Effect of Self-Estimation

In this section, we describe an algorithm that simulates others’ observations for self-estimation, an agent that performs self-estimation, and an agent that does not perform self-estimation.

SelfEstimate Action: Estimation Process for Own Hands From Teammate’s Action

An agent using the self-estimation strategy converts its hand into a combination of possible cards and compares the teammate’s simulated action and actual action at this time to determine a possible set of estimated agent’s hand. We constructed our algorithm based on our previous work (Osawa, 2015). We used outer-state strategy on above paper as the base of deterministic strategy in this paper, and used self-recognition strategy on above paper as the base of self-estimation strategy. As explained in PlayPlayable: Play Playable Card the information phase from the agent is separated in two sections as number and colors. Other conditions are same as our previous paper.

First, the agent considers a possible combination of cards as a possible candidate for its own hand. Possible cards are those which match the known information. The agent obtains the simulated result of the teammate’s action using the simulation of the teammate’s observation, which occurred in the latest turn and is generated from the hypotheses regarding possible cards, as well as the current board. To simulate this action, we used our own action decision algorithm.

The agent estimates its hand for each of the five cards. For cards with incomplete information regarding the color or number, the elements of the card in the estimated hypotheses (possible combinations) are sorted by the number of occurrences which means how many times each combination is expected. When the value of the largest number of occurrences is greater than or equal to 1.8 times the value of the next largest occurrence count, that card is estimated as the most frequent element. The value of 1.8 is empirically determined. When the elements of the estimated card do not overlap with the player’s hand, this estimation is applied. If the value is not larger than 1.8. the selfEstimate simple fails.
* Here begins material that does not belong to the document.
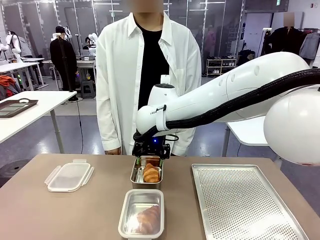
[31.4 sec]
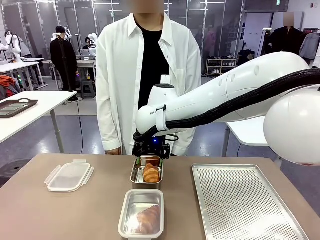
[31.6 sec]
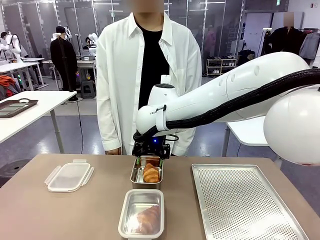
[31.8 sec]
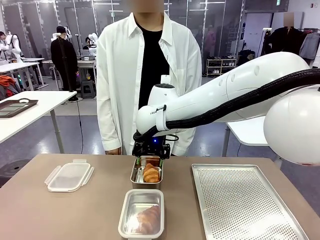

We want to explain it in detail on here. If the agent only has cards with two greens on left and other information is unknown, the table has yellow and green 1 s Fireworks, and the partner discard his/her own card in previous turn. The agent cannot directly see its cards and the agent can simulate that every combination of its card patterns that might be saw by the partner. If the agent simulates the world that the agent has green 2 on left, the agent can estimate that the world is impossible because the agent’s partner does not notify that call the agent’s a number of the card. It is also impossible to estimate that the agent has green 1 because the partner will inform the agent its discardable card by number in that case. On the other hand, the agent can count the world that the agent has green 3 on the agent’s deck because in that case, the partner is possible to discard the agent’s own card. So, the agent can count all possible world that left card is green 3 in case.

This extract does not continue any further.